Your objective
Could you please write out each line of the records exactly, minus the pictures?

Records from a dataset
▼
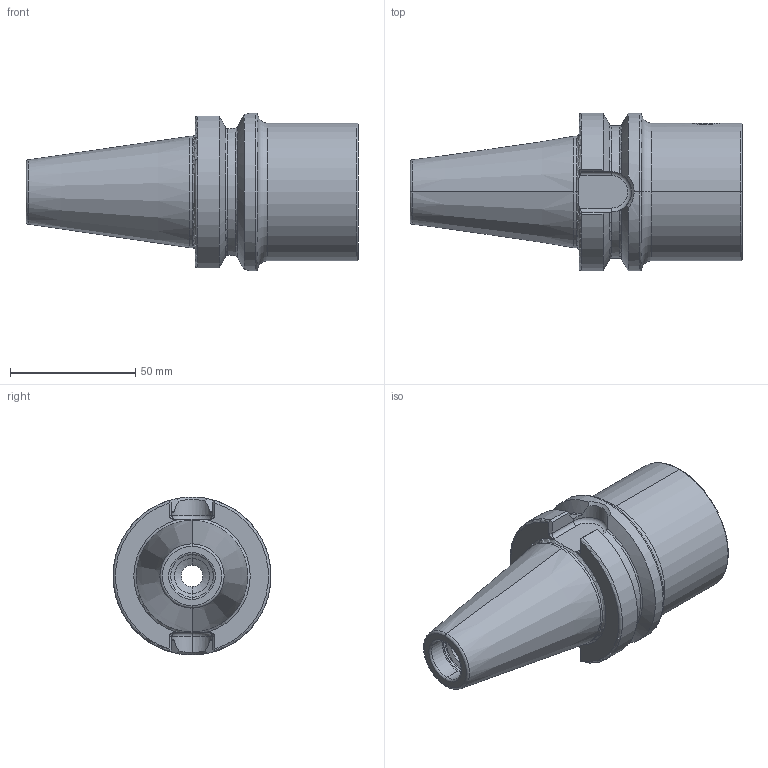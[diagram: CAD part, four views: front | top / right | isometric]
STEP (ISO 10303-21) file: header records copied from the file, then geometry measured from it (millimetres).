
FILE_DESCRIPTION (( 'STEP AP203' ), '1' );
FILE_NAME ('BT4.MB5.K01.067.STEP', '2011-12-23T10:30:28', ( 'baer' ), ( 'Hewlett-Packard Company' ), 'SwSTEP 2.0', 'SolidWorks 2011', '' );
FILE_SCHEMA (( 'CONFIG_CONTROL_DESIGN' ));
Length unit declared in the file: millimetre
Products named in the file (3): BT4.MB5.K01.067; MB5-ER1.001.017_A; BT4-MB5.K01.067_B
Assembly tree (2 placements, depth 2):
  BT4.MB5.K01.067
    MB5-ER1.001.017_A
    BT4-MB5.K01.067_B
Bounding box: 132.4 x 63 x 63 mm (x, y, z)
Volume: 194350.1 mm3; surface area: 32430.8 mm2
Topology: 2 solids, 2 shells, 147 faces, 362 edges, 220 vertices
Faces by surface type: cylinder 48, plane 36, torus 29, cone 28, bspline 6
Entity records: 5400 total; most frequent: CARTESIAN_POINT 1704, DIRECTION 720, ORIENTED_EDGE 720, EDGE_CURVE 360, AXIS2_PLACEMENT_3D 295, VERTEX_POINT 220, EDGE_LOOP 154, CIRCLE 149
▲
Solved problem
[diagram: CAD part, four views: front | top / right | isometric]
STEP (ISO 10303-21) file: header records copied from the file, then geometry measured from it (millimetres).
FILE_DESCRIPTION (( 'STEP AP203' ), '1' );
FILE_NAME ('BT4.MB5.K01.067.STEP', '2011-12-23T10:30:28', ( 'baer' ), ( 'Hewlett-Packard Company' ), 'SwSTEP 2.0', 'SolidWorks 2011', '' );
FILE_SCHEMA (( 'CONFIG_CONTROL_DESIGN' ));
Length unit declared in the file: millimetre
Products named in the file (3): BT4.MB5.K01.067; MB5-ER1.001.017_A; BT4-MB5.K01.067_B
Assembly tree (2 placements, depth 2):
  BT4.MB5.K01.067
    MB5-ER1.001.017_A
    BT4-MB5.K01.067_B
Bounding box: 132.4 x 63 x 63 mm (x, y, z)
Volume: 194350.1 mm3; surface area: 32430.8 mm2
Topology: 2 solids, 2 shells, 147 faces, 362 edges, 220 vertices
Faces by surface type: cylinder 48, plane 36, torus 29, cone 28, bspline 6
Entity records: 5400 total; most frequent: CARTESIAN_POINT 1704, DIRECTION 720, ORIENTED_EDGE 720, EDGE_CURVE 360, AXIS2_PLACEMENT_3D 295, VERTEX_POINT 220, EDGE_LOOP 154, CIRCLE 149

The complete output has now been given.